| TASK STATEMENT |
Print all the records below exactly as they stand, but leave out the pictures.

| MATERIAL SUPPLIED |

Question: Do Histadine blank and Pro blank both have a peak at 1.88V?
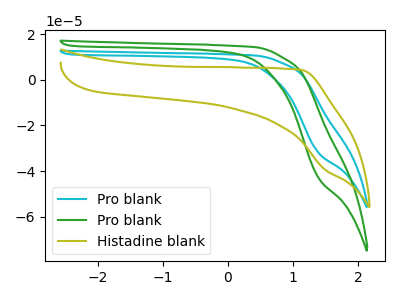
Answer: <think>The cyan curve "Pro blank" has no peaks. The green curve "Pro blank" has no peaks. The olive curve "Histadine blank" has no peaks.</think>
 <answer>No, "Histadine blank" and "Pro blank" dont share a peak at 1.88V.</answer>
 <eval>mismatch</eval>
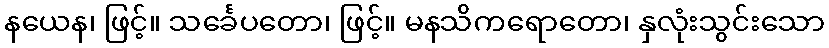
နယေန၊ ဖြင့်။ သင်္ခေပတော၊ ဖြင့်။ မနသိကရောတော၊ နှလုံးသွင်းသော
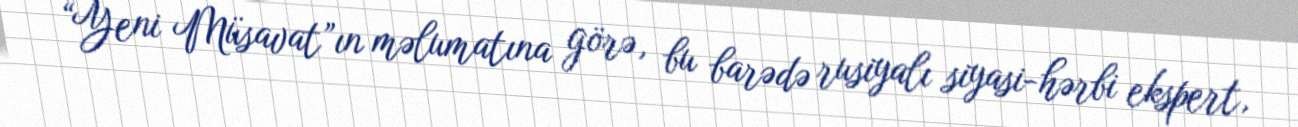
“Yeni Müsavat”ın məlumatına görə, bu barədə rusiyalı siyasi-hərbi ekspert,
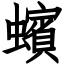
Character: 蠙
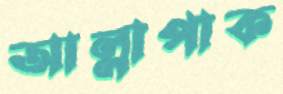
আল্লাপাক
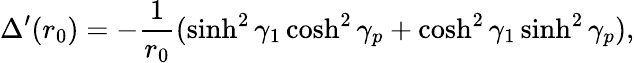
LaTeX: \Delta^{\prime}(r_{0})=-{\frac{1}{r_{0}}}(\sinh^{2}\gamma_{1}\cosh^{2}\gamma_{p}+\cosh^{2}\gamma_{1}\sinh^{2}\gamma_{p}),
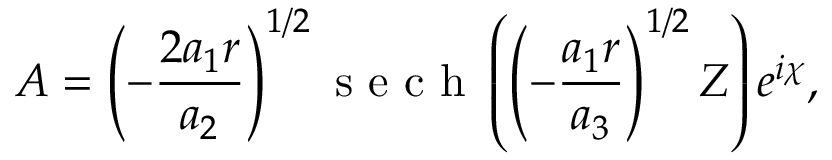
A = \left( - \frac { 2 a _ { 1 } r } { a _ { 2 } } \right) ^ { 1 / 2 } \mathrm { ~ s ~ e ~ c ~ h ~ } \left( \left( - \frac { a _ { 1 } r } { a _ { 3 } } \right) ^ { 1 / 2 } Z \right) e ^ { i \chi } ,
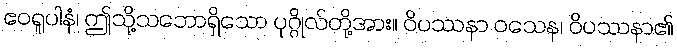
ဧဝရူပါနံ၊ ဤသို့သဘောရှိသော ပုဂ္ဂိုလ်တို့အား။ ဝိပဿနာ ဝသေန၊ ဝိပဿနာ၏
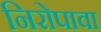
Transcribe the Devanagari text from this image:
निरोपावा
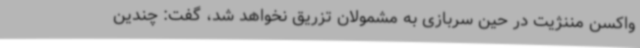
واکسن مننژیت در حین سربازی به مشمولان تزریق نخواهد شد، گفت: چندین
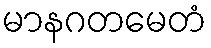
မာနဂတမေတံ
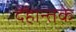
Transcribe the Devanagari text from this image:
देहान्तके
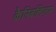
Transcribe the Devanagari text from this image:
कैनिबलिज़म
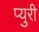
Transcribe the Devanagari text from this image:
प्युरी
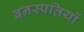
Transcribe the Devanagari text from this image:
बनस्पतियों
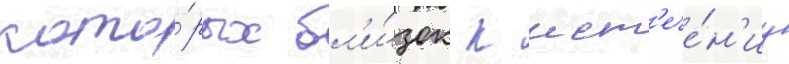
кото́рых бл'и́зок к ист'ече́н'иу
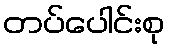
တပ်ပေါင်းစု
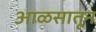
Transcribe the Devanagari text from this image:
आळसातून
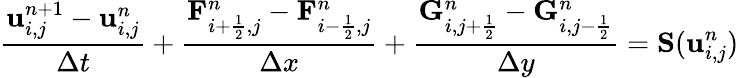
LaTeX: \frac{\mathbf u_{i,j}^{n+1}-\mathbf u_{i,j}^{n}}{\Delta t}+\frac{\mathbf F_{i+\frac{1}{2},j}^{n}-\mathbf F_{i-\frac{1}{2},j}^{n}}{\Delta x}+\frac{\mathbf G_{i,j+\frac{1}{2}}^{n}-\mathbf G_{i,j-\frac{1}{2}}^{n}}{\Delta y}=\mathbf S(\mathbf u_{i,j}^{n})
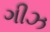
ગીઝ
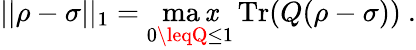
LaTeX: ||\rho-\sigma||_{1}=\operatorname*{ma\mathit{x}}_{0\leqQ\leq1}\operatorname{Tr}(Q(\rho-\sigma))~.
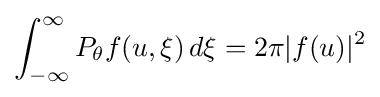
\int _{-\infty }^{\infty }P_{\theta }f(u,\xi )\,d\xi =2\pi |f(u)|^{2}
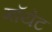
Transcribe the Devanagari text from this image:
मॉयेट
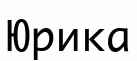
Юрика
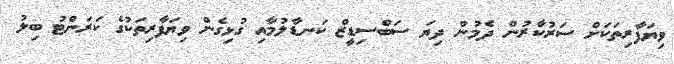
ވިޔަފާރިތަކަށް ސަރުކާރުން ދެމުން ދިޔަ ސަބްސިޑީޒް ކަނޑާލުމާއި ގުޅިގެން ވިޔަފާރިތަކުގެ ކަރަންޓު ބިލު
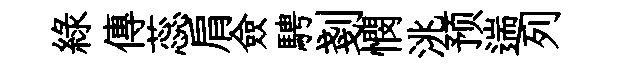
緑傳蕊肩僉騁剗憫洮预遄列
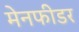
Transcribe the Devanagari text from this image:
मेनफीडर

| TASK ANSWER |
Question: Do Histadine blank and Pro blank both have a peak at 1.88V?
Answer: <think>The cyan curve "Pro blank" has no peaks. The green curve "Pro blank" has no peaks. The olive curve "Histadine blank" has no peaks.</think>
 <answer>No, "Histadine blank" and "Pro blank" dont share a peak at 1.88V.</answer>
 <eval>mismatch</eval>
နယေန၊ ဖြင့်။ သင်္ခေပတော၊ ဖြင့်။ မနသိကရောတော၊ နှလုံးသွင်းသော
“Yeni Müsavat”ın məlumatına görə, bu barədə rusiyalı siyasi-hərbi ekspert,
Character: 蠙
আল্লাপাক
LaTeX: \Delta^{\prime}(r_{0})=-{\frac{1}{r_{0}}}(\sinh^{2}\gamma_{1}\cosh^{2}\gamma_{p}+\cosh^{2}\gamma_{1}\sinh^{2}\gamma_{p}),
A = \left( - \frac { 2 a _ { 1 } r } { a _ { 2 } } \right) ^ { 1 / 2 } \mathrm { ~ s ~ e ~ c ~ h ~ } \left( \left( - \frac { a _ { 1 } r } { a _ { 3 } } \right) ^ { 1 / 2 } Z \right) e ^ { i \chi } ,
ဧဝရူပါနံ၊ ဤသို့သဘောရှိသော ပုဂ္ဂိုလ်တို့အား။ ဝိပဿနာ ဝသေန၊ ဝိပဿနာ၏
Transcribe the Devanagari text from this image:
निरोपावा
واکسن مننژیت در حین سربازی به مشمولان تزریق نخواهد شد، گفت: چندین
မာနဂတမေတံ
Transcribe the Devanagari text from this image:
देहान्तके
Transcribe the Devanagari text from this image:
कैनिबलिज़म
Transcribe the Devanagari text from this image:
प्युरी
Transcribe the Devanagari text from this image:
बनस्पतियों
кото́рых бл'и́зок к ист'ече́н'иу
တပ်ပေါင်းစု
Transcribe the Devanagari text from this image:
आळसातून
LaTeX: \frac{\mathbf u_{i,j}^{n+1}-\mathbf u_{i,j}^{n}}{\Delta t}+\frac{\mathbf F_{i+\frac{1}{2},j}^{n}-\mathbf F_{i-\frac{1}{2},j}^{n}}{\Delta x}+\frac{\mathbf G_{i,j+\frac{1}{2}}^{n}-\mathbf G_{i,j-\frac{1}{2}}^{n}}{\Delta y}=\mathbf S(\mathbf u_{i,j}^{n})
ગીઝ
LaTeX: ||\rho-\sigma||_{1}=\operatorname*{ma\mathit{x}}_{0\leqQ\leq1}\operatorname{Tr}(Q(\rho-\sigma))~.
\int _{-\infty }^{\infty }P_{\theta }f(u,\xi )\,d\xi =2\pi |f(u)|^{2}
Transcribe the Devanagari text from this image:
मॉयेट
Юрика
ވިޔަފާރިތަކަށް ސަރުކާރުން ދެމުން ދިޔަ ސަބްސިޑީޒް ކަނޑާލުމާއި ގުޅިގެން ވިޔަފާރިތަކުގެ ކަރަންޓު ބިލު
緑傳蕊肩僉騁剗憫洮预遄列
Transcribe the Devanagari text from this image:
मेनफीडर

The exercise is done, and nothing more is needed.